- [ASSIGNED TASK]: Go through the data below. Pull out every line that has the word "xmlns".

Collected data
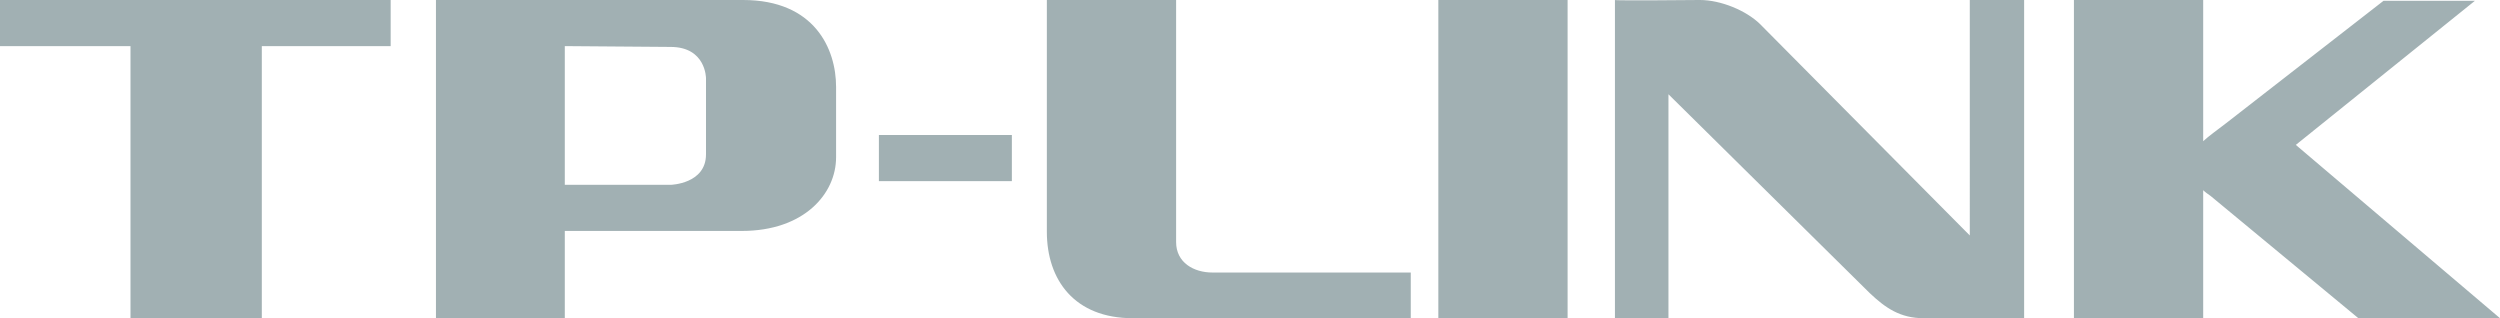 <?xml version="1.0" encoding="utf-8"?>
<!-- Generator: Adobe Illustrator 24.0.0, SVG Export Plug-In . SVG Version: 6.00 Build 0)  -->
<svg version="1.1" id="logomarke" xmlns:svg="http://www.w3.org/2000/svg"
	 xmlns="http://www.w3.org/2000/svg" xmlns:xlink="http://www.w3.org/1999/xlink" x="0px" y="0px"
	 viewBox="309.911 40.025 388.667 49.471" enable-background="new 309.911 40.025 388.667 49.471" xml:space="preserve">
<path fill="#A1B0B3" d="M425.43,40.025c0,0,0,0-47.743,0c0,0,0,0,0,49.471c0,0,0,0,20.031,0V75.929c0,0,0,0,27.52,0
	c9.664,0,14.656-5.76,14.656-11.456c0,0,0,0,0-10.944C439.894,47.641,436.566,40.025,425.43,40.025z M419.67,64.024
	c0,4.608-5.504,4.736-5.504,4.736s0,0-16.448,0V47.193c0,0,0,0,16.448,0.128c5.504,0,5.504,4.864,5.504,4.864
	S419.67,52.185,419.67,64.024z M309.911,40.025c60.735,0,60.735,0,60.735,0c0,7.168,0,7.168,0,7.168c-20.032,0-20.032,0-20.032,0
	c0,42.303,0,42.303,0,42.303c-20.416,0-20.416,0-20.416,0V47.193c-20.288,0-20.288,0-20.288,0
	C309.911,40.025,309.911,40.025,309.911,40.025z M446.55,61.017c20.672,0,20.672,0,20.672,0c0,7.168,0,7.168,0,7.168H446.55
	C446.55,61.017,446.55,61.017,446.55,61.017z M498.389,82.393c30.848,0,30.848,0,30.848,0c0,7.104,0,7.104,0,7.104h-43.199
	c-9.088,0-13.376-5.952-13.376-13.44c0-36.032,0-36.032,0-36.032c20.096,0,20.096,0,20.096,0c0,37.631,0,37.631,0,37.631
	C492.757,80.856,495.509,82.393,498.389,82.393z M698.578,89.496c-22.016,0-22.016,0-22.016,0
	c-22.976-19.008-22.976-19.008-22.976-19.008c-0.448-0.319-0.832-0.576-1.152-0.895c0,19.903,0,19.903,0,19.903h-20.096
	c0-49.471,0-49.471,0-49.471c20.096,0,20.096,0,20.096,0c0,21.952,0,21.952,0,21.952c0.897-0.832,2.176-1.728,3.584-2.816
	c24.448-19.008,24.448-19.008,24.448-19.008c14.208,0,14.208,0,14.208,0c-27.84,22.4-27.84,22.4-27.84,22.4
	C698.578,89.496,698.578,89.496,698.578,89.496z M616.148,40.025c8.448,0,8.448,0,8.448,0c0,49.471,0,49.471,0,49.471H608.98
	c-3.648,0-5.952-1.6-8.384-3.903C569.3,54.681,569.3,54.681,569.3,54.681v34.815c-8.319,0-8.319,0-8.319,0
	c0-49.471,0-49.471,0-49.471c0,0.128,13.184,0,13.184,0c3.328,0,7.231,1.664,9.344,3.712c32.64,32.896,32.64,32.896,32.64,32.896
	C616.148,40.025,616.148,40.025,616.148,40.025z M533.525,40.025c20.096,0,20.096,0,20.096,0v49.471c-20.096,0-20.096,0-20.096,0
	C533.525,40.025,533.525,40.025,533.525,40.025z"/>
</svg>

- [RESULT OF THIS EXERCISE]:
<svg version="1.1" id="logomarke" xmlns:svg="http://www.w3.org/2000/svg"
	 xmlns="http://www.w3.org/2000/svg" xmlns:xlink="http://www.w3.org/1999/xlink" x="0px" y="0px"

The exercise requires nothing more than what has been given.